The 3 months correlation between Falcon and Bell is 0.04. Overlapping area represents the amount of risk that can be diversified away by holding Falcon Metals and Bell Financial Group in the same portfolio, assuming nothing else is changed. The correlation between historical prices or returns on Bell Financial Group and Falcon Metals is a relative statistical measure of the degree to which these equity instruments tend to move together. The correlation coefficient measures the extent to which returns on Falcon Metals are associated (or correlated) with Bell Financial. Values of the correlation coefficient range from -1 to +1, where. The correlation of zero (0) is possible when the price movement of Bell Financial Group has no effect on the direction of Falcon Metals i.e., Falcon Metals and Bell Financial go up and down completely randomly.

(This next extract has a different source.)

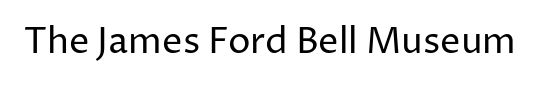
The image shows 36 px regular-weight sans-serif type, upright; set normal letter spacing, not underlined; low stroke contrast and a medium x-height.

Pair Corralation between Falcon Metals and Bell Financial

Assuming the 90 days trading horizon Falcon Metals is expected to under-perform the Bell Financial. In addition to that, Falcon Metals is 2.51 times more volatile than Bell Financial Group. It trades about -0.13 of its total potential returns per unit of risk. Bell Financial Group is currently generating about -0.02 per unit of volatility. If you would invest  137.00  in Bell Financial Group on September 26, 2024 and sell it today you would lose (4.00) from holding Bell Financial Group or give up 2.92% of portfolio value over 90 days.
Time Period3 Months [change]
DirectionMoves Together 
StrengthInsignificant
Accuracy100.0%
ValuesDaily Returns

Falcon Metals  vs.  Bell Financial Group

 Performance 
       Timeline  
Falcon Metals 

Risk-Adjusted Performance

0 of 100

 
Weak
 
Strong
Very Weak
Over the last 90 days Falcon Metals has generated negative risk-adjusted returns adding no value to investors with long positions. In spite of uncertain performance in the last few months, the Stock's essential indicators remain comparatively stable which may send shares a bit higher in January 2025. The newest uproar may also be a sign of mid-term up-swing for the firm private investors.
Bell Financial Group 

Risk-Adjusted Performance

0 of 100

 
Weak
 
Strong
Weak
Over the last 90 days Bell Financial Group has generated negative risk-adjusted returns adding no value to investors with long positions. In spite of comparatively stable technical and fundamental indicators, Bell Financial is not utilizing all of its potentials. The newest stock price uproar, may contribute to short-horizon losses for the private investors.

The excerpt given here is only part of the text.